==== DATA SUPPLIED ====

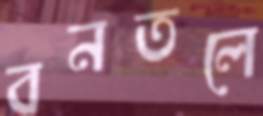
বনতলে
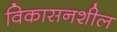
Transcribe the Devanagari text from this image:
विकासनशील
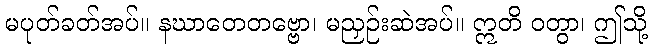
မပုတ်ခတ်အပ်။ နဃာတေတဗ္ဗော၊ မညှဉ်းဆဲအပ်။ ဣတိ ဝတွာ၊ ဤသို့
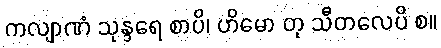
ကလျာဏံ သုန္ဒရေ စာပိ၊ ဟိမော တု သီတလေပိ စ။
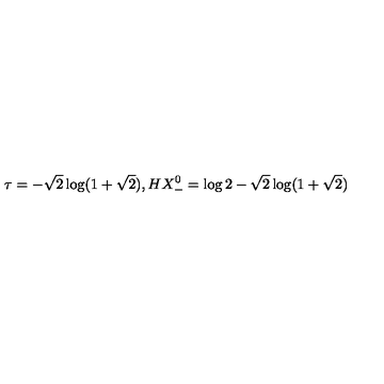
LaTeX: \tau = - \sqrt { 2 } \log ( 1 + \sqrt { 2 } ) , H X _ { - } ^ { 0 } = \log 2 - \sqrt { 2 } \log ( 1 + \sqrt { 2 } )
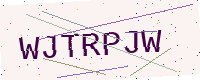
Text: WJTRPJW
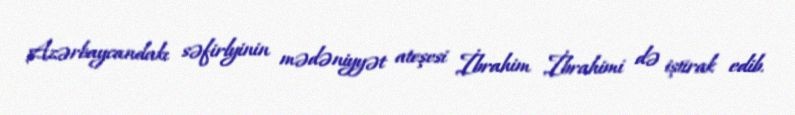
Azərbaycandakı səfirlyinin mədəniyyət ateşesi İbrahim İbrahimi də iştirak edib.
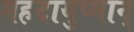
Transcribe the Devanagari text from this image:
महदायुष्मान्
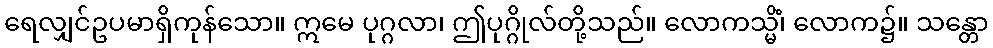
ရေလျှင်ဥပမာရှိကုန်သော။ ဣမေ ပုဂ္ဂလာ၊ ဤပုဂ္ဂိုလ်တို့သည်။ လောကသ္မိံ၊ လောက၌။ သန္တော
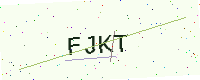
Text: FJKT
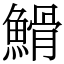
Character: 䱻
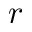
r
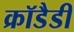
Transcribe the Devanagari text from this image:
क्रॉडैडी
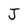
Character: J
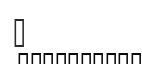
١
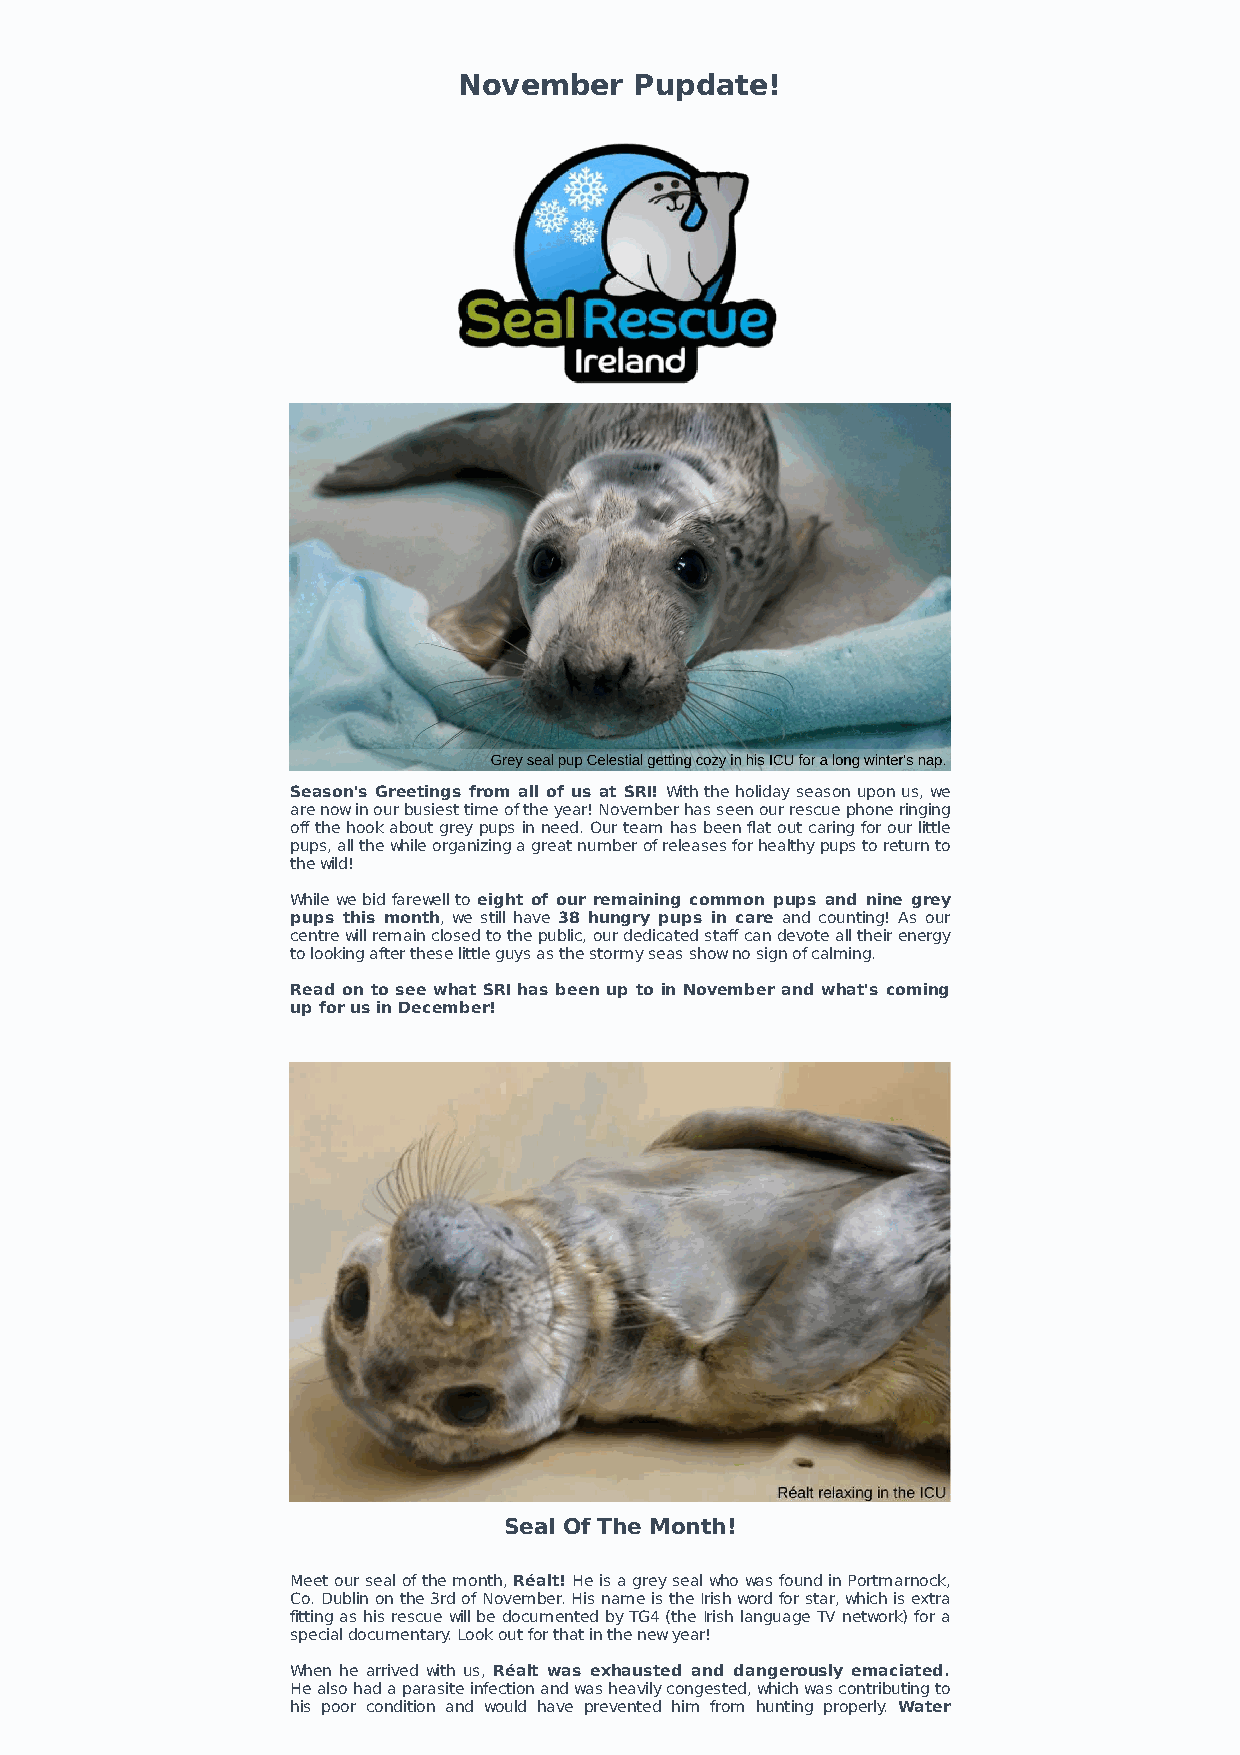
November    Pupdate!
 Season's Greetings from all of us at SRI! With the holiday season upon us, we
 are now in our busiest time of the year! November has seen our rescue phone ringing
 off the hook about grey pups in need. Our team has been flat out caring for our little
 pups, all the while organizing a great number of releases for healthy pups to return to
 the wild!
 While we bid farewell to eight of our remaining common pups and nine grey
 pups this month, we still have 38 hungry pups in care and counting! As our
 centre will remain closed to the public, our dedicated staff can devote all their energy
 to looking after these little guys as the stormy seas show no sign of calming.
 Read on to see what SRI has been up to in November and what's coming
 up for us in December!
 Seal Of The Month!
 Meet our seal of the month, Réalt! He is a grey seal who was found in Portmarnock,
 Co. Dublin on the 3rd of November. His name is the Irish word for star, which is extra
 fitting as his rescue will be documented by TG4 (the Irish language TV network) for a
 special documentary. Look out for that in the new year!
 When he arrived with us, Réalt was exhausted and dangerously emaciated.
 He also had a parasite infection and was heavily congested, which was contributing to
 his poor condition and would have prevented him from hunting properly. Water

====

→ WHAT IS EXPECTED
Which lines in the records above hold the string "grey"? Copy each of them.

→ EXERCISE RESULT
 off the hook about grey pups in need. Our team has been flat out caring for our little
 While we bid farewell to eight of our remaining common pups and nine grey
 Meet our seal of the month, Réalt! He is a grey seal who was found in Portmarnock,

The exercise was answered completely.